- **Supplied information**

################

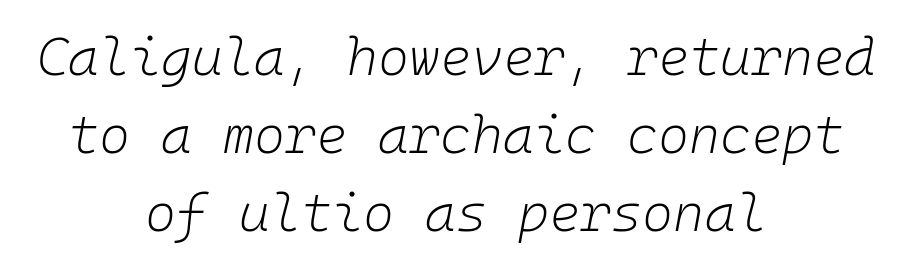
Here the designer chose a console-style face with uniform glyph widths. Notice how descenders clear the ascenders below comfortably — that's standard leading. Look at the tracking — it's just the regular setting, nothing added. Unbolded letterforms with no extra heft.
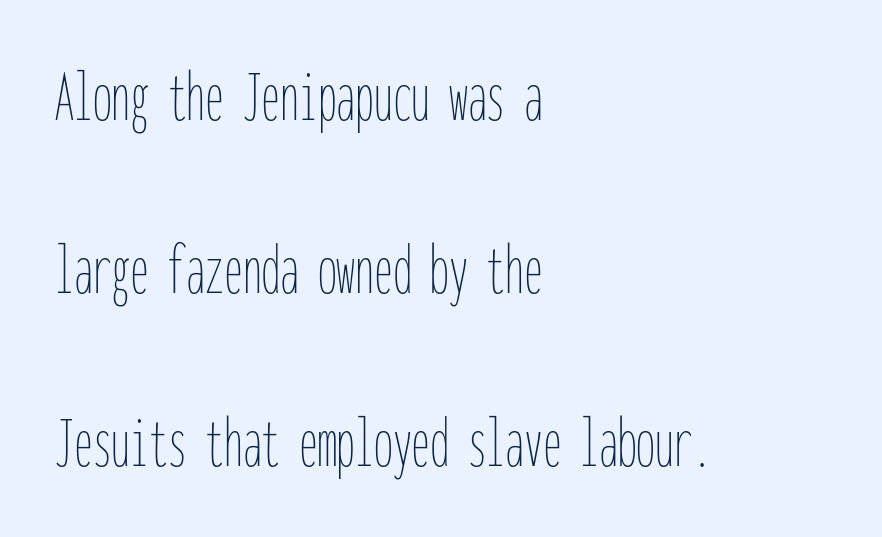
Loosely led — the rows are spread out. The horizontal fit of the characters is conventional and even. The letters march in equal steps, a hallmark of fixed-pitch type. Compared with a typical body face, this is equally light or lighter still. These lines were composed using upright roman letters.
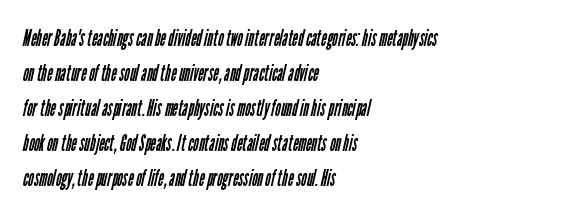
The image shows 24 px text type; set left-aligned, normal line spacing (1.46x), normal letter spacing, not underlined.
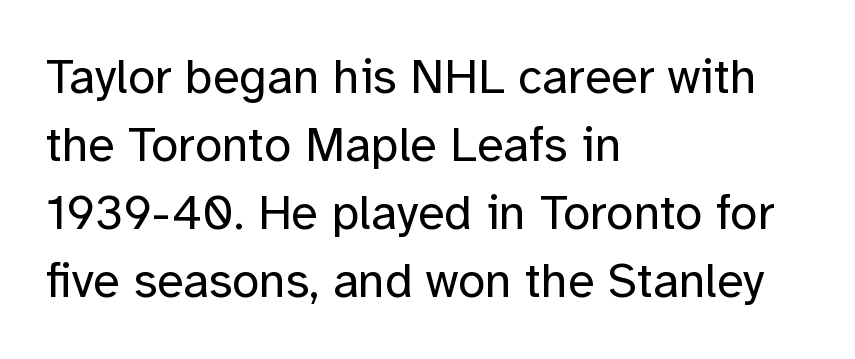
{"serif": "no", "italic": "no", "bold": "no", "weight": "regular", "width": "normal", "stroke_contrast": "low", "x_height": "medium", "monospaced": "no", "underline": "no", "align": "left", "line_spacing": "normal", "line_spacing_ratio": 1.39, "letter_spacing": "normal", "letter_spacing_em": 0.0, "glyph_px": 49}

################

Copy out the whole listing exactly, and don't carry over any pictures.

- **Output of the task**
Here the designer chose a console-style face with uniform glyph widths. Notice how descenders clear the ascenders below comfortably — that's standard leading. Look at the tracking — it's just the regular setting, nothing added. Unbolded letterforms with no extra heft.
Loosely led — the rows are spread out. The horizontal fit of the characters is conventional and even. The letters march in equal steps, a hallmark of fixed-pitch type. Compared with a typical body face, this is equally light or lighter still. These lines were composed using upright roman letters.
The image shows 24 px text type; set left-aligned, normal line spacing (1.46x), normal letter spacing, not underlined.
{"serif": "no", "italic": "no", "bold": "no", "weight": "regular", "width": "normal", "stroke_contrast": "low", "x_height": "medium", "monospaced": "no", "underline": "no", "align": "left", "line_spacing": "normal", "line_spacing_ratio": 1.39, "letter_spacing": "normal", "letter_spacing_em": 0.0, "glyph_px": 49}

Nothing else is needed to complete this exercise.